On 06/28/2010 03:27 PM, Kalev Lember wrote:
A few packages [2] [3] have recently had problems with the default
-DBUILD_SHARED_LIBS:BOOL=ON which is part of %cmake macro. Those
packages didn't pass neither SHARED nor STATIC arguments to
add_library() call and relied on the cmake usual default to produce
static libraries. Those static libraries weren't meant to be installed;
they were just used as "convenience" libraries during the build which
would be statically linked into the final executable.
However, if BUILD_SHARED_LIBS is defined, we get unversioned shared
libraries instead of "convenience" libraries. Packagers often don't know
what to do with such unversioned libraries.
Perhaps it'd be better to completely remove -DBUILD_SHARED_LIBS:BOOL=ON
from the default %cmake macro? I would imagine that most (all?)

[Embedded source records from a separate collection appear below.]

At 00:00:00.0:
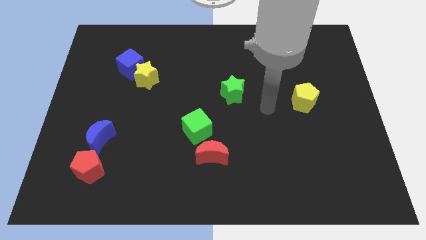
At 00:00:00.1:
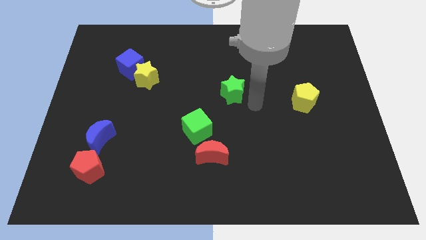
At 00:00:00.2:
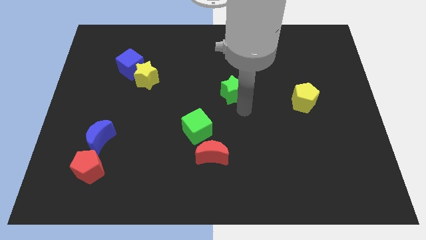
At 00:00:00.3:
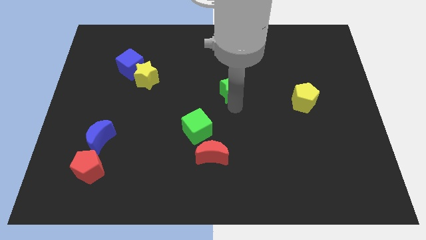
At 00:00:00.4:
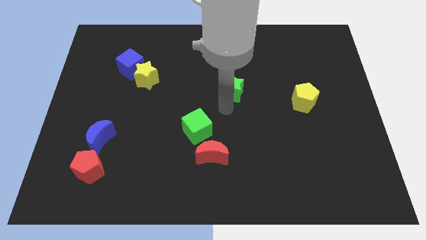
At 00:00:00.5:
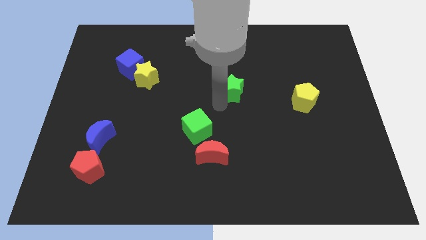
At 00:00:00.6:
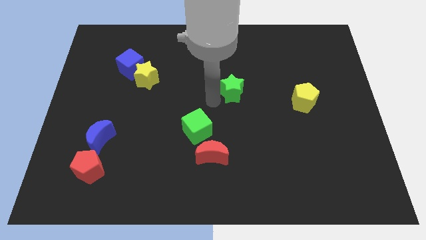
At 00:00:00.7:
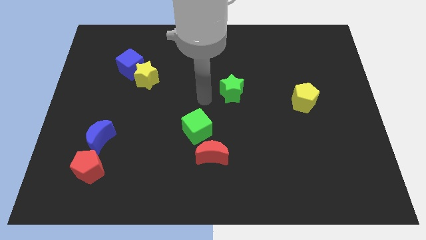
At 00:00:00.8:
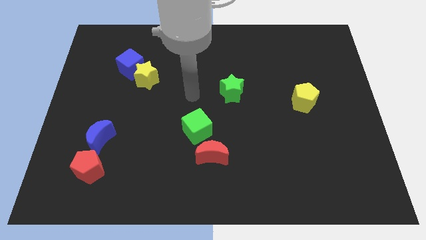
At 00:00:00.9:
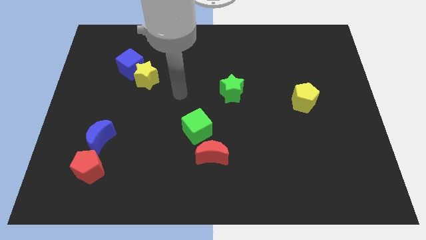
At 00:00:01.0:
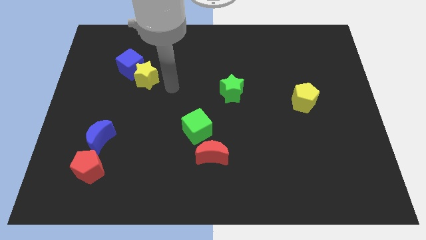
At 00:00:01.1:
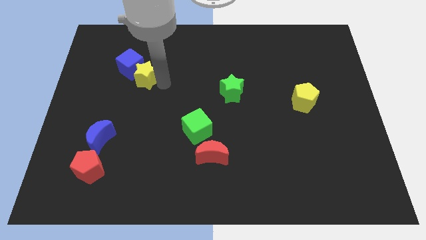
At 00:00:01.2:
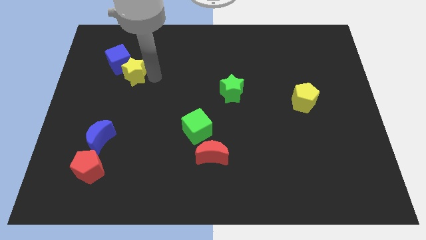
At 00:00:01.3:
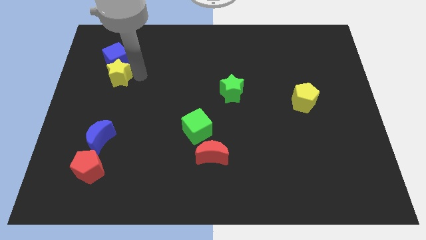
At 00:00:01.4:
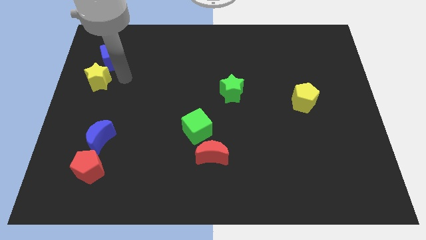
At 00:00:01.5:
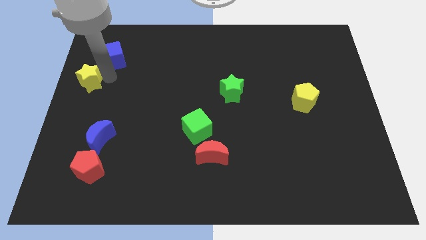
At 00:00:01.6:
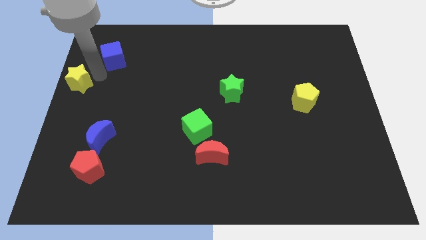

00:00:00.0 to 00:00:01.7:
pull the blue cube apart from the yellow star

libraries which are meant to be actually used as shared libraries
contain explicit add_library(... SHARED) and set_target_properties(...
PROPERTIES VERSION ... SOVERSION ...) calls, but maybe that's not how it
is. Any thoughts whether removing BUILD_SHARED_LIBS=ON would break
existing packages?
Sorry for not replying earlier.
Looking at my existing cmake built packages, I'm a bit leery of this change.
Most of them don't seem to specify SHARED in add_library. Has anyone tested
this out on a large number of packages? Perhaps it makes sense to request a
cmake koji build tag for this and rebuild all cmake built packages there.